**Exercise objective:** Apart from the pictures, every record here must be copied word for word.

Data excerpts

==*==

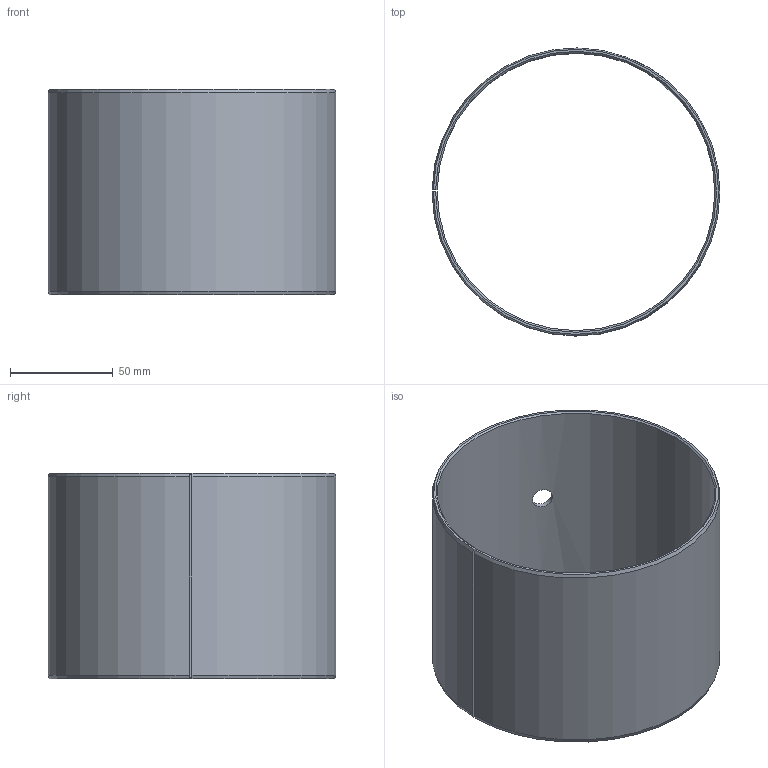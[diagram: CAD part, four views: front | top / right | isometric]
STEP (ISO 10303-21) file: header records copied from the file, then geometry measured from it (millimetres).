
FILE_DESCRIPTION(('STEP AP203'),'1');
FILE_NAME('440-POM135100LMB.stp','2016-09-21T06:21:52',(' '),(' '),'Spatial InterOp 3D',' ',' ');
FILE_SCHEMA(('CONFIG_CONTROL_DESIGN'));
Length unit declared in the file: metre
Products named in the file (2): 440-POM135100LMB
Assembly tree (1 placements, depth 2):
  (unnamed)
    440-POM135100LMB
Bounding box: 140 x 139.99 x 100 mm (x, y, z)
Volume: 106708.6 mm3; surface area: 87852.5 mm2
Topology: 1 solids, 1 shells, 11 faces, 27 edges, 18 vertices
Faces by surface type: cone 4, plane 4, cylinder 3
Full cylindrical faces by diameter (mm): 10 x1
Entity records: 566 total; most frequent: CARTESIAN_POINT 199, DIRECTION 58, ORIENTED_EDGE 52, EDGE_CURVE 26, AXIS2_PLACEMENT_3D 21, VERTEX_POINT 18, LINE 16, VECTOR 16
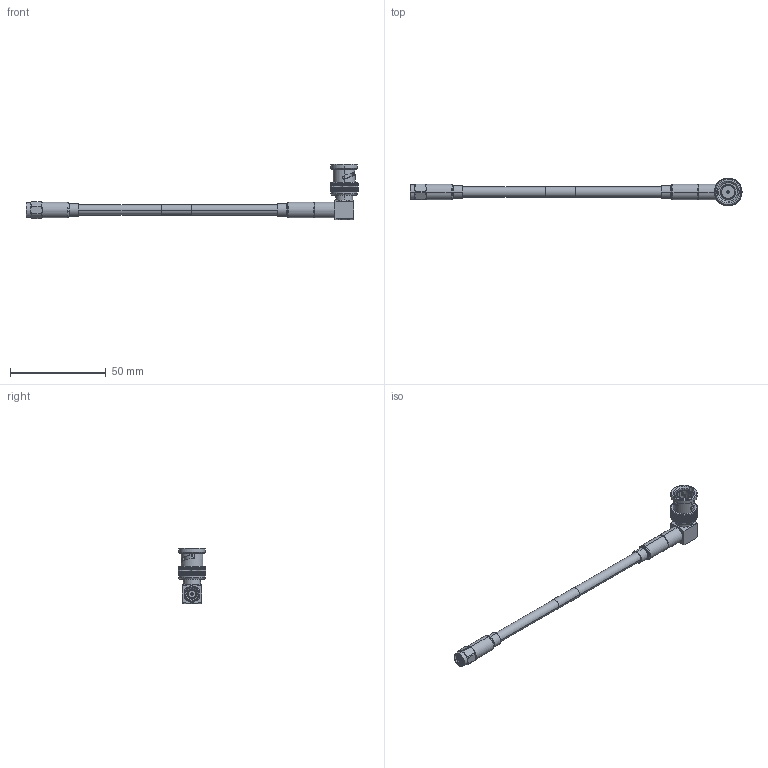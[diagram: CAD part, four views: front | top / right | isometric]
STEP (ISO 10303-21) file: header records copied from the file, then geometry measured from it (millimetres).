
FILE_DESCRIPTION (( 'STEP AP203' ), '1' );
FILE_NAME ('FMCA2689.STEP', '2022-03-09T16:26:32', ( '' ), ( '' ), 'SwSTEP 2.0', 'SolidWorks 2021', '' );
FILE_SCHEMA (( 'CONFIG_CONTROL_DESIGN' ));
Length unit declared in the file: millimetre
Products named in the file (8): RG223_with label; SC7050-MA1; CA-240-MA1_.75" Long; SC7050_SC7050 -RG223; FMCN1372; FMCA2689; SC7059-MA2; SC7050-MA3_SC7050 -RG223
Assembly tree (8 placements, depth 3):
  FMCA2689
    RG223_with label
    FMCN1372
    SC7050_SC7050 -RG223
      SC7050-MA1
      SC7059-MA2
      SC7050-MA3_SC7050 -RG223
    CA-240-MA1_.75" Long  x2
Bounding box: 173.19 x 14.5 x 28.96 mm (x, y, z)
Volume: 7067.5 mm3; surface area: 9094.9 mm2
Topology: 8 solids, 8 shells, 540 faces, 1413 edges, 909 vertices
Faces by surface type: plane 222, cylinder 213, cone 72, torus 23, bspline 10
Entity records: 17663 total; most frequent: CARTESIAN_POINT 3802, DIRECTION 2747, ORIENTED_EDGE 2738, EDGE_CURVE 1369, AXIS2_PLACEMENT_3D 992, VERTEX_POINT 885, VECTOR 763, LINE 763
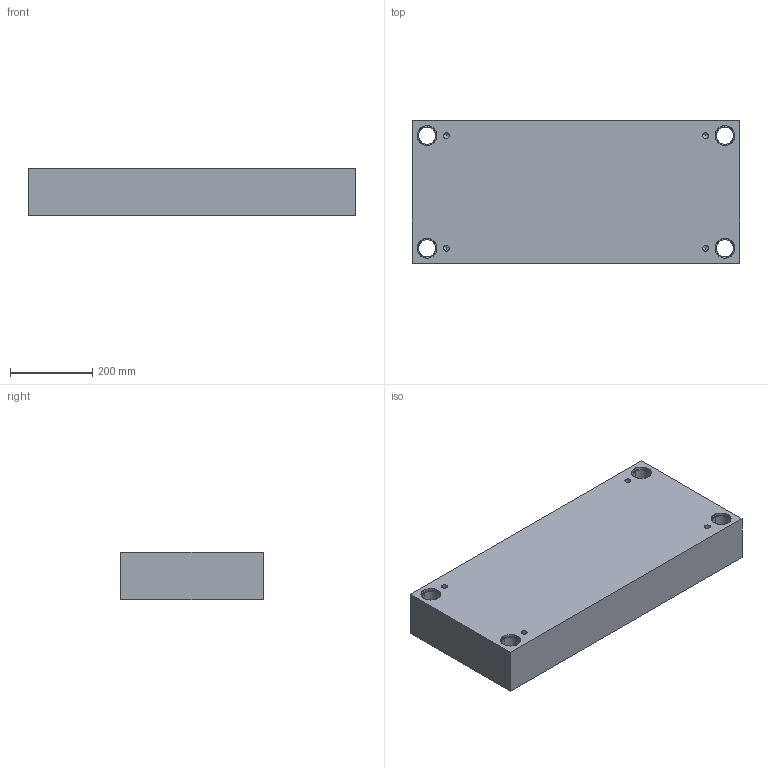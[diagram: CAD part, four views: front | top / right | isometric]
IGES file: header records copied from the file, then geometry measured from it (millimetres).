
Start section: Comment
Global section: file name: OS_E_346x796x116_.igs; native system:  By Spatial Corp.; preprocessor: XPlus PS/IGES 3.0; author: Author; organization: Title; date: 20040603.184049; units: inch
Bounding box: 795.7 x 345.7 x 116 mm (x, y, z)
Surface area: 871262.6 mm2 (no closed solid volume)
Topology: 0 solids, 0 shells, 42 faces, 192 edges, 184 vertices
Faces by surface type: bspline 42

==*==

**Task result:**
[diagram: CAD part, four views: front | top / right | isometric]
STEP (ISO 10303-21) file: header records copied from the file, then geometry measured from it (millimetres).
FILE_DESCRIPTION(('STEP AP203'),'1');
FILE_NAME('440-POM135100LMB.stp','2016-09-21T06:21:52',(' '),(' '),'Spatial InterOp 3D',' ',' ');
FILE_SCHEMA(('CONFIG_CONTROL_DESIGN'));
Length unit declared in the file: metre
Products named in the file (2): 440-POM135100LMB
Assembly tree (1 placements, depth 2):
  (unnamed)
    440-POM135100LMB
Bounding box: 140 x 139.99 x 100 mm (x, y, z)
Volume: 106708.6 mm3; surface area: 87852.5 mm2
Topology: 1 solids, 1 shells, 11 faces, 27 edges, 18 vertices
Faces by surface type: cone 4, plane 4, cylinder 3
Full cylindrical faces by diameter (mm): 10 x1
Entity records: 566 total; most frequent: CARTESIAN_POINT 199, DIRECTION 58, ORIENTED_EDGE 52, EDGE_CURVE 26, AXIS2_PLACEMENT_3D 21, VERTEX_POINT 18, LINE 16, VECTOR 16
[diagram: CAD part, four views: front | top / right | isometric]
STEP (ISO 10303-21) file: header records copied from the file, then geometry measured from it (millimetres).
FILE_DESCRIPTION (( 'STEP AP203' ), '1' );
FILE_NAME ('FMCA2689.STEP', '2022-03-09T16:26:32', ( '' ), ( '' ), 'SwSTEP 2.0', 'SolidWorks 2021', '' );
FILE_SCHEMA (( 'CONFIG_CONTROL_DESIGN' ));
Length unit declared in the file: millimetre
Products named in the file (8): RG223_with label; SC7050-MA1; CA-240-MA1_.75" Long; SC7050_SC7050 -RG223; FMCN1372; FMCA2689; SC7059-MA2; SC7050-MA3_SC7050 -RG223
Assembly tree (8 placements, depth 3):
  FMCA2689
    RG223_with label
    FMCN1372
    SC7050_SC7050 -RG223
      SC7050-MA1
      SC7059-MA2
      SC7050-MA3_SC7050 -RG223
    CA-240-MA1_.75" Long  x2
Bounding box: 173.19 x 14.5 x 28.96 mm (x, y, z)
Volume: 7067.5 mm3; surface area: 9094.9 mm2
Topology: 8 solids, 8 shells, 540 faces, 1413 edges, 909 vertices
Faces by surface type: plane 222, cylinder 213, cone 72, torus 23, bspline 10
Entity records: 17663 total; most frequent: CARTESIAN_POINT 3802, DIRECTION 2747, ORIENTED_EDGE 2738, EDGE_CURVE 1369, AXIS2_PLACEMENT_3D 992, VERTEX_POINT 885, VECTOR 763, LINE 763
[diagram: CAD part, four views: front | top / right | isometric]
IGES file: header records copied from the file, then geometry measured from it (millimetres).
Start section: Comment
Global section: file name: OS_E_346x796x116_.igs; native system:  By Spatial Corp.; preprocessor: XPlus PS/IGES 3.0; author: Author; organization: Title; date: 20040603.184049; units: inch
Bounding box: 795.7 x 345.7 x 116 mm (x, y, z)
Surface area: 871262.6 mm2 (no closed solid volume)
Topology: 0 solids, 0 shells, 42 faces, 192 edges, 184 vertices
Faces by surface type: bspline 42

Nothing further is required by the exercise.